--- Exercise materials Enclosed Below ---

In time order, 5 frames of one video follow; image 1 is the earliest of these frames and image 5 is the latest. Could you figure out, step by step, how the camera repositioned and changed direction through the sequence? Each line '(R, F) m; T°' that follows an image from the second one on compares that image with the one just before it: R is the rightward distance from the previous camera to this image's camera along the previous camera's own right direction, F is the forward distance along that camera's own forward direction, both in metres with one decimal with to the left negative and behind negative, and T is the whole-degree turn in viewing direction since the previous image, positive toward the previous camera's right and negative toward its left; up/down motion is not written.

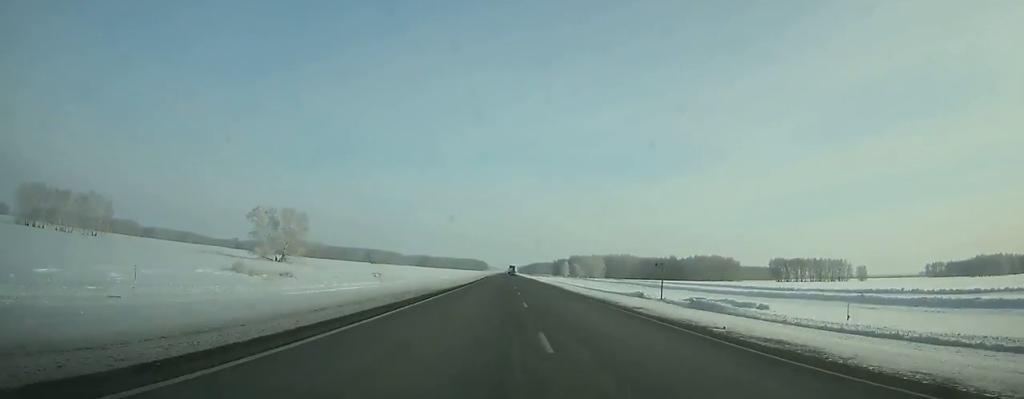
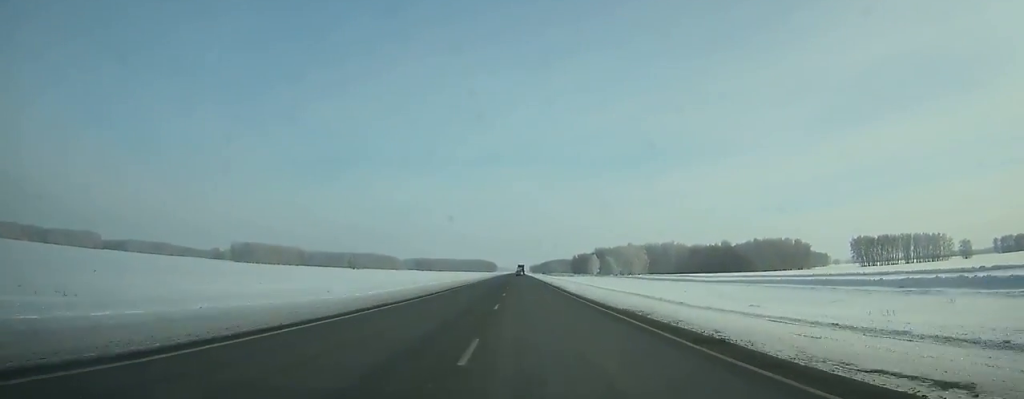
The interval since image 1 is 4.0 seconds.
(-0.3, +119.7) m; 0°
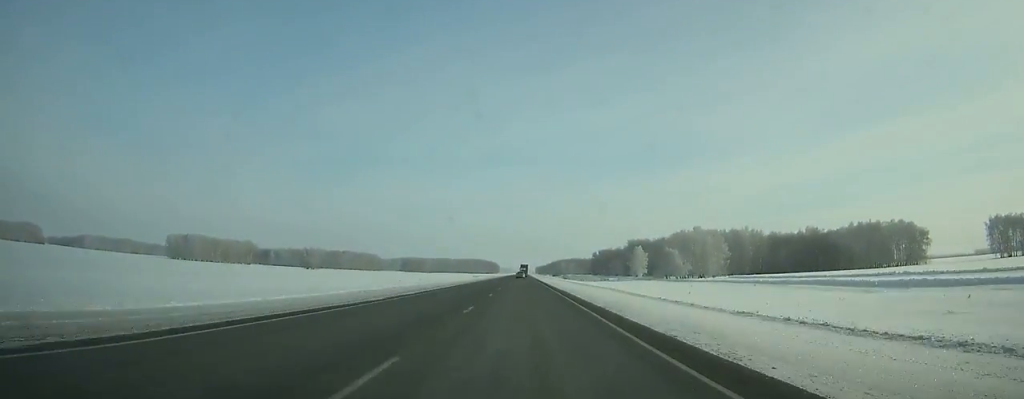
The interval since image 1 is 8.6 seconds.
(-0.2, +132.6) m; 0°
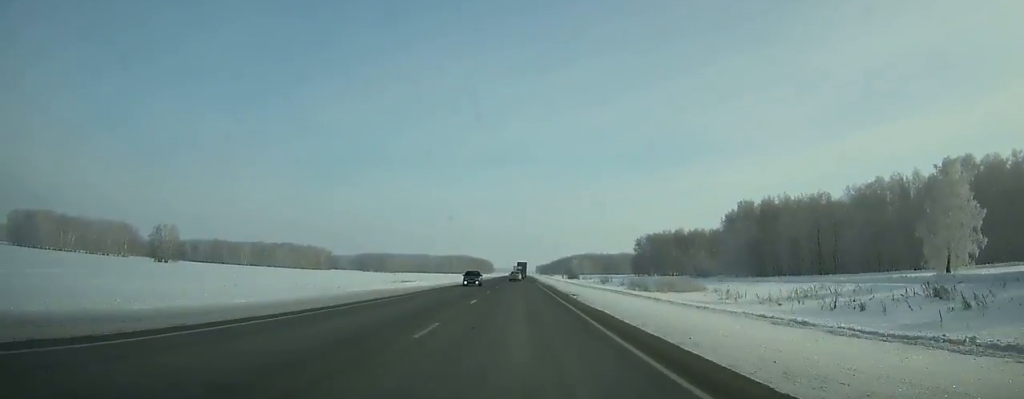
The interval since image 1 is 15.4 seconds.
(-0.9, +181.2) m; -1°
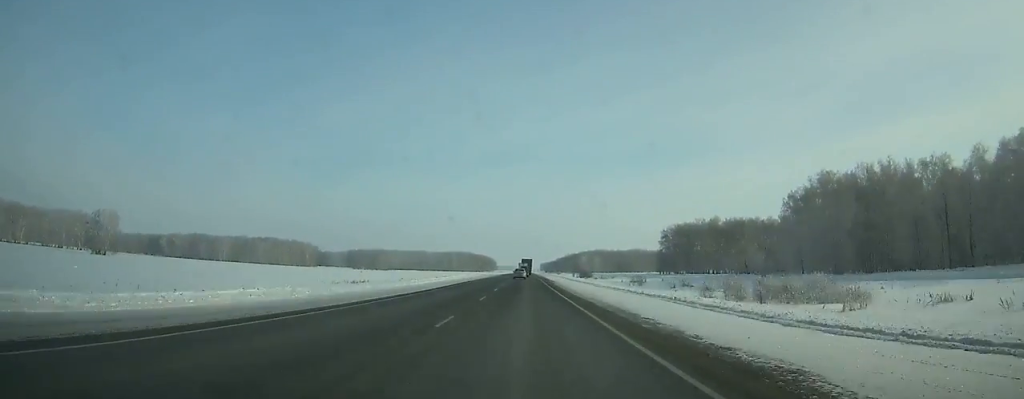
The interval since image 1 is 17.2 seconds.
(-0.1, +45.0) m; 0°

--- End of Enclosed Exercise materials ---

- [Work to be completed]: Give again, unchanged, only the lines from the line containing "The interval since image 1 is 4.0 seconds." to the last line of the records above. Pictures do not belong in the copy.

- [Exercise output]:
The interval since image 1 is 4.0 seconds.
(-0.3, +119.7) m; 0°
The interval since image 1 is 8.6 seconds.
(-0.2, +132.6) m; 0°
The interval since image 1 is 15.4 seconds.
(-0.9, +181.2) m; -1°
The interval since image 1 is 17.2 seconds.
(-0.1, +45.0) m; 0°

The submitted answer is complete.